C’est en voyant les dernières égéries masculines choisies par les grandes marques que je me suis demandé si le temps la gué-guerre entre les gueules d’amour et les gueules tout court n’était pas de retour avec notre Cassel national en première ligne dégainant son regard Messrine entouré de beautés fatales, pour une grande marque de luxe. Même le (futur ex) sublime Brad Pitt semble s’excuser d’être beau gosse en adoptant la carte de l’humour (et de l’embonpoint ?) en jouant à contre emploi le majordome pour sumos, suivant là de très près le toujours-tombeur-mais-qui-se-la-raconte-pas Clooney.
Pour les filles le problème ne se pose même pas, ce sera des bombes ou ce ne seront pas. Les cinéastes s’encombrent rarement de gueules, il est d’ailleurs assez rares que les casteurs remontent jusque là. Il n’y a d’ailleurs à peu près qu’Aldmodovar, enfin pardon Monsieur Almodovar pour oser une Rossy de Palma et lui faire crever l’écran. Les autres « pas belles » sont souvent des fausses moches enlaidies pour garantir une happy end aux mauvais films pour teenagers ou pour (re, re et re)mettre en scène le complexe de ce bon vieux Pygmalion… l’inoubliable My fair Lady en tête de liste.
Mais pour en revenir aux mâles, la rivalité n’est pas une nouveauté sur nos grands écrans. Le clivage belle gueule – grande gueule vient (trop ?) souvent souligner l’intrigue. Bah oui, le spectateur étant trop bête pour comprendre l’histoire de lui-même, les responsables de casting ont décidé de les aider un peu. Après tout c’est connu les beaux gosses ne sont jamais ni cons ni gangsters… Dieu merci la caricature s’est arrêtée avant qu’ils ne se sentent obligé de coller un tee-shirt « Méchant » sur le méchant.
Jusqu’aux années 80, et mis à part certaines exceptions, oui parce que j’en vois déjà certaines (re)tomber en pamoison devant Delon-jeune, les acteurs avaient surtout des gueules et du charme. Point besoin d’être un Apollon pour transporter plusieurs générations de femelles, il suffisait de s’appeler Harrison, Sean, George et un niveau de testostérones à vous faire exploser le compteur Geiger.
Bon on avait aussi vaguement Tom Cruise au rayon sourire Colgate. Mais c’est la génération Johnny Deep et la tribu d’Ocean 11 qui ont radicalement remis la belle gueule à l’honneur au cœur des box office. Encore qu’on misait à ce moment là un peu plus sur le charme que sur la régularité des traits.
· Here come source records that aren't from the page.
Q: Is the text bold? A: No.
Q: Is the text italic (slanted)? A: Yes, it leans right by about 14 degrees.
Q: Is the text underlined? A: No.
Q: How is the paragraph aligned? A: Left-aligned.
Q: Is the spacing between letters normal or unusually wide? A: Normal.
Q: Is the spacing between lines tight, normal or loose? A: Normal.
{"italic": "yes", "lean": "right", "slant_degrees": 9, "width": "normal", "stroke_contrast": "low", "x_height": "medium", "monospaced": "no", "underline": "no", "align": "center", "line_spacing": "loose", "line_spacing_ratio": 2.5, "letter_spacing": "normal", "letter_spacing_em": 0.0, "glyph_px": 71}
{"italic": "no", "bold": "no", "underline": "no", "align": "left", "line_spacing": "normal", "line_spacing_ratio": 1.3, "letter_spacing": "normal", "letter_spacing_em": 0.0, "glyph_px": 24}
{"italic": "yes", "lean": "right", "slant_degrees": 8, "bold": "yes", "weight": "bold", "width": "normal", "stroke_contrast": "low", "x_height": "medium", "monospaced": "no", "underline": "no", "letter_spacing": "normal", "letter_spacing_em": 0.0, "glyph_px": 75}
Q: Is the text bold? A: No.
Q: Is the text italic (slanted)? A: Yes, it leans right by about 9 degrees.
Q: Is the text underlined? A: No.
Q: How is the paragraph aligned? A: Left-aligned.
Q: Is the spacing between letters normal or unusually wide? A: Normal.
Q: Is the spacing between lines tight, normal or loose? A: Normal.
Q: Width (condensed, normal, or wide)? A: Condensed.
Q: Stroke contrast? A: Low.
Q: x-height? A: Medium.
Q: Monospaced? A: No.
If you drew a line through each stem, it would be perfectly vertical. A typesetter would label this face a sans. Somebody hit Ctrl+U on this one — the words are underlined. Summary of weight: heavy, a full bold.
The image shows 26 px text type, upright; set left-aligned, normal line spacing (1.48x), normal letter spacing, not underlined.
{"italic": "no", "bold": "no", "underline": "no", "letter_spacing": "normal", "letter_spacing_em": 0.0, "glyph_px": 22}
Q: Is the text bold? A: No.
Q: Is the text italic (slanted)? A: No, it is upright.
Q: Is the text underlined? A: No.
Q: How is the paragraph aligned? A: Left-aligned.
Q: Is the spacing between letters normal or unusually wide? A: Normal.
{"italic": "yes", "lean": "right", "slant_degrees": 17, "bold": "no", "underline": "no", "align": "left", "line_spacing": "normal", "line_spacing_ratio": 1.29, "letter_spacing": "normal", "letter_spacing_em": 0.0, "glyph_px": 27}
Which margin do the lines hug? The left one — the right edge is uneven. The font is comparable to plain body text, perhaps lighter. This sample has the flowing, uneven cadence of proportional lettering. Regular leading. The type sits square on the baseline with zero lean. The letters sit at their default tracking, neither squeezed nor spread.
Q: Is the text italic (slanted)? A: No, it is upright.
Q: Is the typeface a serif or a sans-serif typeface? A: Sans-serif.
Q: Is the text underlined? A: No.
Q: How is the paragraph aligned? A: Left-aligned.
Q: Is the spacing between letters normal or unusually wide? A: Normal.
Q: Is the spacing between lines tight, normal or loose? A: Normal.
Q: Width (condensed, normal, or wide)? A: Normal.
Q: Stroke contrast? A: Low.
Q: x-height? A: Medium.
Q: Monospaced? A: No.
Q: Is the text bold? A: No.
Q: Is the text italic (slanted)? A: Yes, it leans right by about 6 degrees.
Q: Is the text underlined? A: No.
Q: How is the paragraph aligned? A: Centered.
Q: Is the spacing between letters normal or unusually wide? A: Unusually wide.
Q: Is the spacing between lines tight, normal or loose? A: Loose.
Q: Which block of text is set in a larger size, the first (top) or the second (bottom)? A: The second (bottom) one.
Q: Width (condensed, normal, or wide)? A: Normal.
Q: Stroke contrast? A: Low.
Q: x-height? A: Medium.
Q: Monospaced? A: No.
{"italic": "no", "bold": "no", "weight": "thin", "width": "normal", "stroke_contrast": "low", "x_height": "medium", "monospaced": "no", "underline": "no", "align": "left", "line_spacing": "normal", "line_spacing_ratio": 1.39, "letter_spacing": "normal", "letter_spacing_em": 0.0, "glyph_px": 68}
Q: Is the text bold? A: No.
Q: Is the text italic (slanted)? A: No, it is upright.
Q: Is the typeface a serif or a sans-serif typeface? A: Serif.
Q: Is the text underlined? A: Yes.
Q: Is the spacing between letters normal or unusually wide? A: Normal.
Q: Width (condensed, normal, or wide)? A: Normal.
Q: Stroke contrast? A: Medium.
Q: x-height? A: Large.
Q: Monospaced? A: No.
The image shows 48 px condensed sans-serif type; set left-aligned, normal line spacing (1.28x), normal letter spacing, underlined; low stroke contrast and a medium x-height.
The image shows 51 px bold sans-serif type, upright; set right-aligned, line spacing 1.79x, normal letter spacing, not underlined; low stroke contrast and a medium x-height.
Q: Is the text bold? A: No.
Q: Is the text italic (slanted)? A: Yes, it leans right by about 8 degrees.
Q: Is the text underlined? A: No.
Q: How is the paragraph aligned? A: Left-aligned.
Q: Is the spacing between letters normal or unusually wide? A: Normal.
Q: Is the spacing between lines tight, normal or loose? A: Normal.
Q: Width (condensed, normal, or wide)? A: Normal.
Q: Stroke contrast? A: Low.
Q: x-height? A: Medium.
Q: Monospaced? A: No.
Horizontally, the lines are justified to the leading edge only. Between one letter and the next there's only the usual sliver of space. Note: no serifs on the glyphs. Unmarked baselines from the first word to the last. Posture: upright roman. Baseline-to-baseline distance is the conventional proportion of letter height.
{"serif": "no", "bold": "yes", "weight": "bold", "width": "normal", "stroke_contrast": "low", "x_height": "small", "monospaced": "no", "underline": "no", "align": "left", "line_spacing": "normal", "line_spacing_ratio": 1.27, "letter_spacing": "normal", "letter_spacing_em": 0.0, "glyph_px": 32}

Dans sa catégorie Brad Pitt a d’ailleurs endossé le costume du coupable idéal de la beau gosse attitude et du délit de belle gueule. Saluons au passage avec respect ses choix cinématographiques qui l’ont fait sortir des films de fifilles du dimanche soir (Légendes d’automne pour ne pas le citer.) pour des rôles un peu moins ténus.
C’est ensuite que tout se gâte avec une vraie recrudescence de Ken sur nos grands écrans. Stars aussi éphémères qu’imberbes, une nouvelle génération remplit désormais les salles obscures de midinettes sans toutefois émouvoir les femmes plus de 30 ans. Car à moins de tripper sur les potes de son petit frère, ces héros là manquent du charisme des bad boys, de la malice des semi-beaux, de l’ironie des pas-parfait, voire même de l’auto dérision des pas-beaux-mais-rigolos.
Reste donc à attendre encore quelques années pour voir si la génération montante de ces starlettes à minettes, ces Brendan Fraser, Elijah Wood, Chace Crawford, Robert Pattinson et autres nymphettes vieilliront aussi bien que nos messieurs testostérones : ces Sean Connery, Harrison Ford, John Malkovitch, Daniel Craig, Nicolas Cage ou autres Travolta, Will Smith, Benicio del Toro, Javier Bardem… Après tout c’est tout le mal qu’on leur souhaite !
Et pour nous public, c’est le retour du choix cornéliens entre Dany Wild et Brett Sinclair, c’est le combat de coq entre beauté et virilité. Oui je sais je caricature, mais rien qu’un peu car personnellement mon choix est déjà fait et je crois fermement à l’adage : les gueules sont comme les bons vins, elles se bonifient en vieillissant.